* REQUIREMENT: Return all of the entries below exactly as they are given.

* MATERIAL FOR THE TASK:
------------------------------------------------------------------------
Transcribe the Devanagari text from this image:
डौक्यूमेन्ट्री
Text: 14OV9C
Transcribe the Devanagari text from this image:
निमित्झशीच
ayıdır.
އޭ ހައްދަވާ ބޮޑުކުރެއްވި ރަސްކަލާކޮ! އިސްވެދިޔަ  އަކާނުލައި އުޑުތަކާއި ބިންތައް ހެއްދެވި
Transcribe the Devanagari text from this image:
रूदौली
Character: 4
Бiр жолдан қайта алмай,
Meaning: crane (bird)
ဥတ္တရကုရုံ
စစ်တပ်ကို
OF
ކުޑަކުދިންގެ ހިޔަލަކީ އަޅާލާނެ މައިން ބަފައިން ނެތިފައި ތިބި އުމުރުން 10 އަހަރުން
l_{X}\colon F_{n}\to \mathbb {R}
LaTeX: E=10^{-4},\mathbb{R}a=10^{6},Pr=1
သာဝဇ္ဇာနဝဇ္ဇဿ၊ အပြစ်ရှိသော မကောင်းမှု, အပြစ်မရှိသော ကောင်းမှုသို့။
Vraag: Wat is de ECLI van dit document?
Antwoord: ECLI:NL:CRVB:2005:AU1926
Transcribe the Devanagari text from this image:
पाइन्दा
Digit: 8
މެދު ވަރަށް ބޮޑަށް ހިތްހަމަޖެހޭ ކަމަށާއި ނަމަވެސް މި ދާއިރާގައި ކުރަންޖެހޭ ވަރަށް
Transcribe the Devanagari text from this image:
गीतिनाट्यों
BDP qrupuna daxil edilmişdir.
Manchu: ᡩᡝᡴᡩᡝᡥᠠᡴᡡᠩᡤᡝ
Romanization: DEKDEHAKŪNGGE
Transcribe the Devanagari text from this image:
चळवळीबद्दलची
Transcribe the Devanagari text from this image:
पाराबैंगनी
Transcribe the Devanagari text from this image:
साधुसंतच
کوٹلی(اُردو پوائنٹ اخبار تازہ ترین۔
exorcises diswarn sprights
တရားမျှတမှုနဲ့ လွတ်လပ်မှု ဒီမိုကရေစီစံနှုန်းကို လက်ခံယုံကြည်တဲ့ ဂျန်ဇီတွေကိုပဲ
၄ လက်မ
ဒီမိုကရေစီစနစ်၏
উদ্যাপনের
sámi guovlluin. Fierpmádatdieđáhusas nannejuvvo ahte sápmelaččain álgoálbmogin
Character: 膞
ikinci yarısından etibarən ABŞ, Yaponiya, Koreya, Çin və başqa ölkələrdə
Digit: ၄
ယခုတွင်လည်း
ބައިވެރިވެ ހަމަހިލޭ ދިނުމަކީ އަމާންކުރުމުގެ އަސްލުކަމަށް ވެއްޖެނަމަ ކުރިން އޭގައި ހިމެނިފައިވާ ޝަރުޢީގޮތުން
------------------------------------------------------------------------
* WRITTEN RESPONSE:
Transcribe the Devanagari text from this image:
डौक्यूमेन्ट्री
Text: 14OV9C
Transcribe the Devanagari text from this image:
निमित्झशीच
ayıdır.
އޭ ހައްދަވާ ބޮޑުކުރެއްވި ރަސްކަލާކޮ! އިސްވެދިޔަ  އަކާނުލައި އުޑުތަކާއި ބިންތައް ހެއްދެވި
Transcribe the Devanagari text from this image:
रूदौली
Character: 4
Бiр жолдан қайта алмай,
Meaning: crane (bird)
ဥတ္တရကုရုံ
စစ်တပ်ကို
OF
ކުޑަކުދިންގެ ހިޔަލަކީ އަޅާލާނެ މައިން ބަފައިން ނެތިފައި ތިބި އުމުރުން 10 އަހަރުން
l_{X}\colon F_{n}\to \mathbb {R}
LaTeX: E=10^{-4},\mathbb{R}a=10^{6},Pr=1
သာဝဇ္ဇာနဝဇ္ဇဿ၊ အပြစ်ရှိသော မကောင်းမှု, အပြစ်မရှိသော ကောင်းမှုသို့။
Vraag: Wat is de ECLI van dit document?
Antwoord: ECLI:NL:CRVB:2005:AU1926
Transcribe the Devanagari text from this image:
पाइन्दा
Digit: 8
މެދު ވަރަށް ބޮޑަށް ހިތްހަމަޖެހޭ ކަމަށާއި ނަމަވެސް މި ދާއިރާގައި ކުރަންޖެހޭ ވަރަށް
Transcribe the Devanagari text from this image:
गीतिनाट्यों
BDP qrupuna daxil edilmişdir.
Manchu: ᡩᡝᡴᡩᡝᡥᠠᡴᡡᠩᡤᡝ
Romanization: DEKDEHAKŪNGGE
Transcribe the Devanagari text from this image:
चळवळीबद्दलची
Transcribe the Devanagari text from this image:
पाराबैंगनी
Transcribe the Devanagari text from this image:
साधुसंतच
کوٹلی(اُردو پوائنٹ اخبار تازہ ترین۔
exorcises diswarn sprights
တရားမျှတမှုနဲ့ လွတ်လပ်မှု ဒီမိုကရေစီစံနှုန်းကို လက်ခံယုံကြည်တဲ့ ဂျန်ဇီတွေကိုပဲ
၄ လက်မ
ဒီမိုကရေစီစနစ်၏
উদ্যাপনের
sámi guovlluin. Fierpmádatdieđáhusas nannejuvvo ahte sápmelaččain álgoálbmogin
Character: 膞
ikinci yarısından etibarən ABŞ, Yaponiya, Koreya, Çin və başqa ölkələrdə
Digit: ၄
ယခုတွင်လည်း
ބައިވެރިވެ ހަމަހިލޭ ދިނުމަކީ އަމާންކުރުމުގެ އަސްލުކަމަށް ވެއްޖެނަމަ ކުރިން އޭގައި ހިމެނިފައިވާ ޝަރުޢީގޮތުން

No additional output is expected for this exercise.